■ Material for this task ■
::::

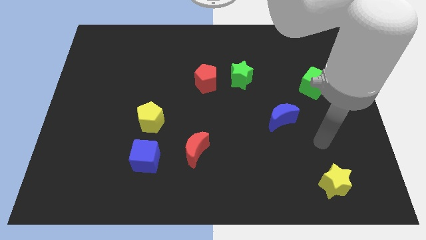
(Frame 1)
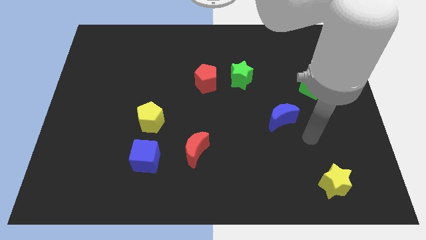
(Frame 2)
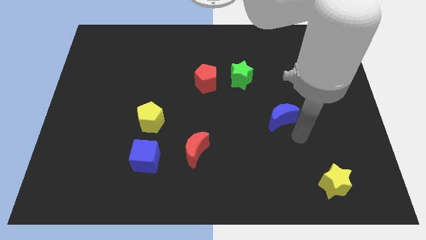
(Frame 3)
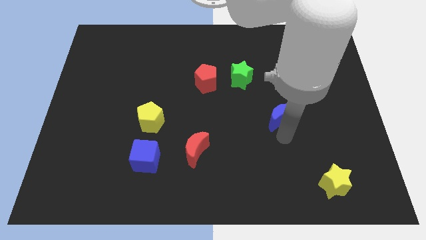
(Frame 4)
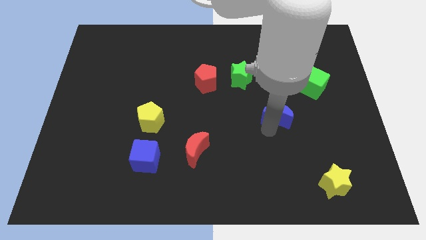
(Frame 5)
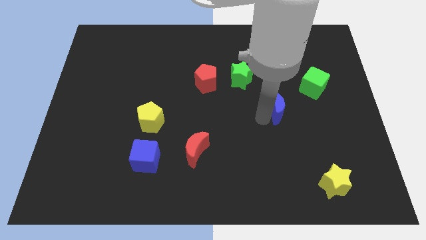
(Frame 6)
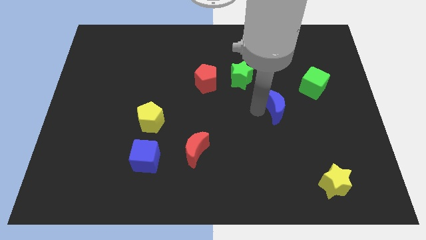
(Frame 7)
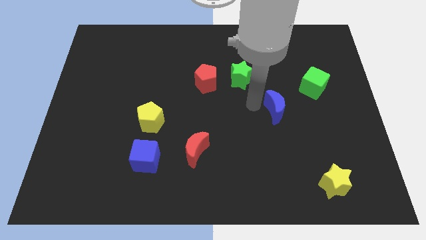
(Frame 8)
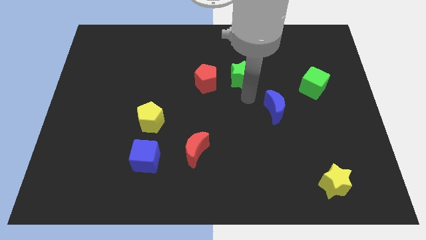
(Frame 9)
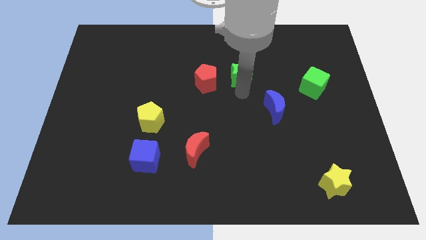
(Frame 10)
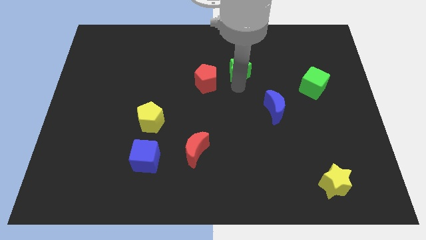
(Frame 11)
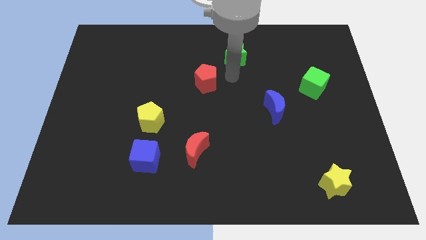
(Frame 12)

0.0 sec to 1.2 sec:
move the red pentagon away from the green star

::::

■ Task requirements ■
Go through the data and gather every line that holds "Frame".

■ Worked solution ■
(Frame 1)
(Frame 2)
(Frame 3)
(Frame 4)
(Frame 5)
(Frame 6)
(Frame 7)
(Frame 8)
(Frame 9)
(Frame 10)
(Frame 11)
(Frame 12)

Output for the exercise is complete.